--- Requirement ---
From the listing below, copy out every line where the word "heads" appears.

---------- Supplied entries ----------

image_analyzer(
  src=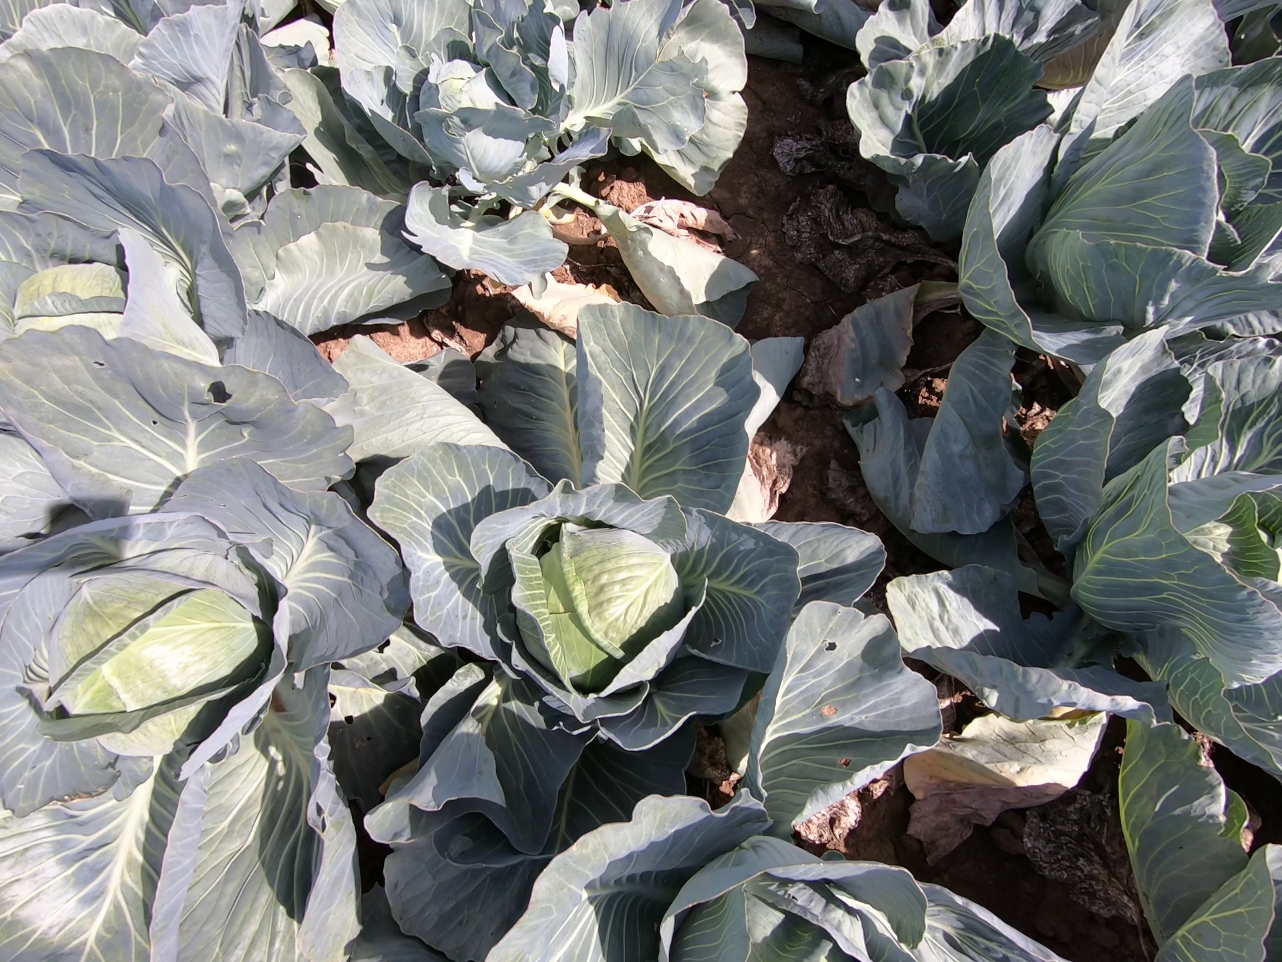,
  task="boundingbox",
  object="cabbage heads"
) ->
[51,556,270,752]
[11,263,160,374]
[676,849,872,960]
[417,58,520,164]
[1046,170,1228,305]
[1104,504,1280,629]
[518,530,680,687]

----------
---------- Supplied entries ----------

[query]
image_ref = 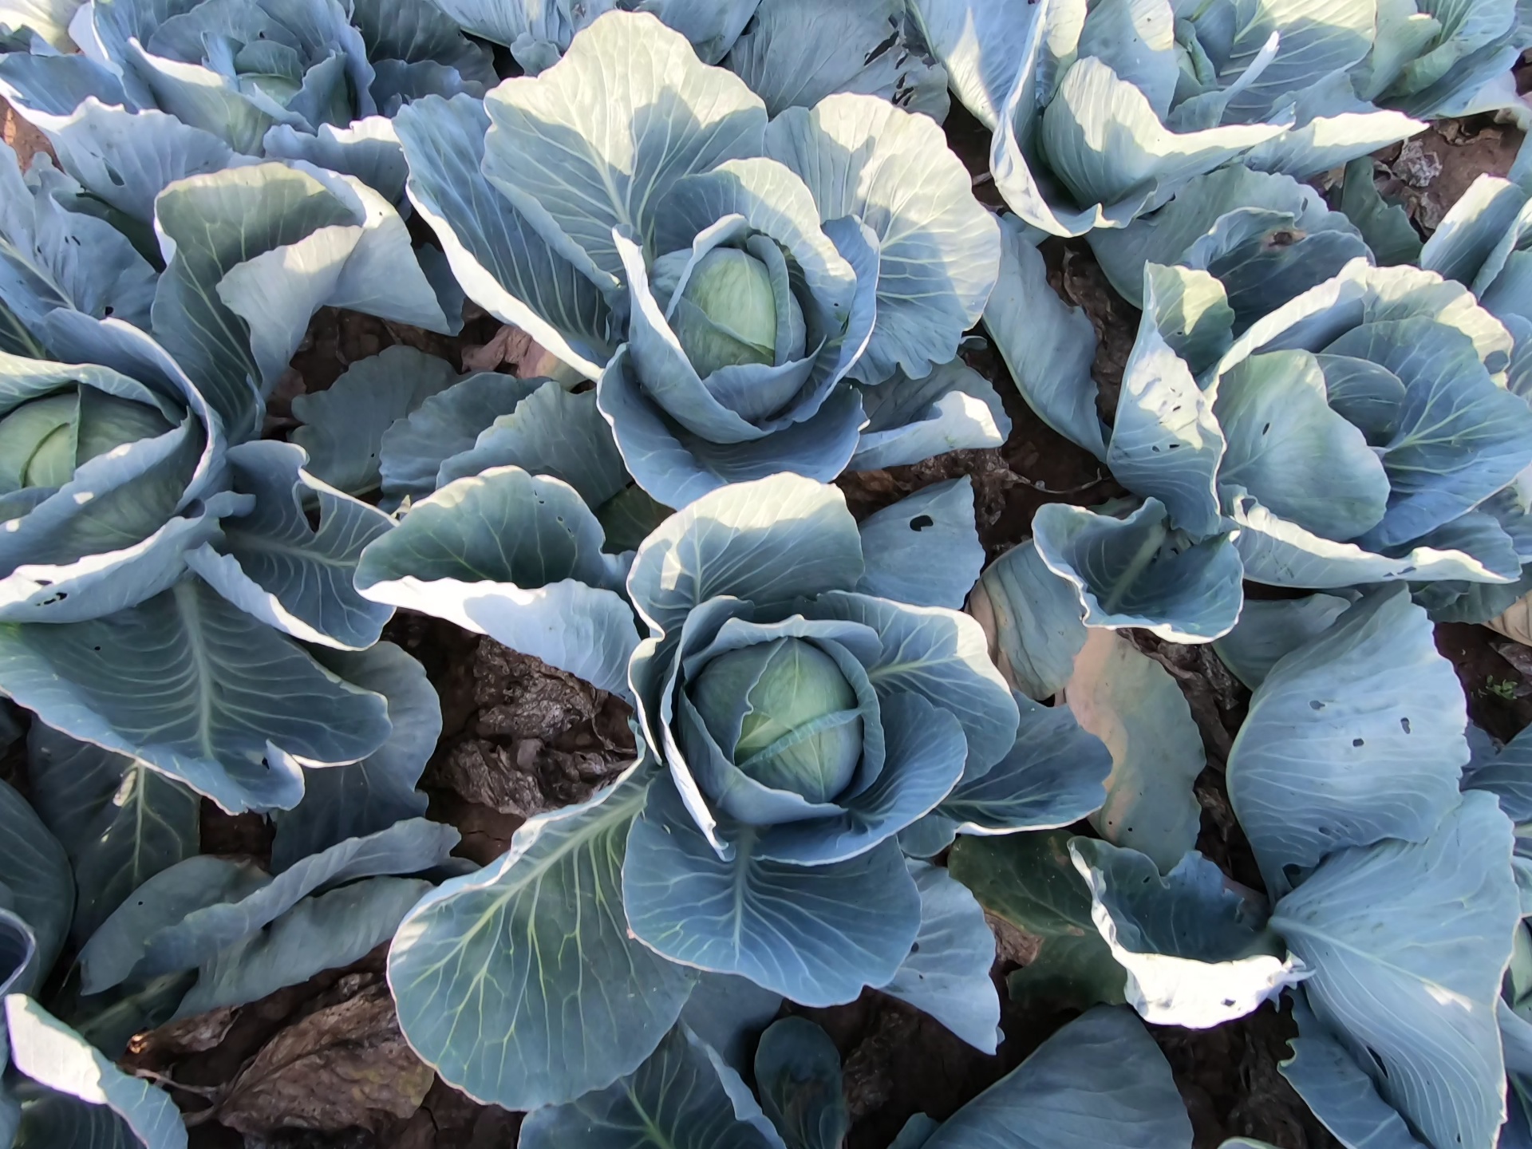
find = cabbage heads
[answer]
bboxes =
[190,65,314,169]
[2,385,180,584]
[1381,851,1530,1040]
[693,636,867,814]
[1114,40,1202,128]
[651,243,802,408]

----------

--- Completed exercise ---
  object="cabbage heads"
find = cabbage heads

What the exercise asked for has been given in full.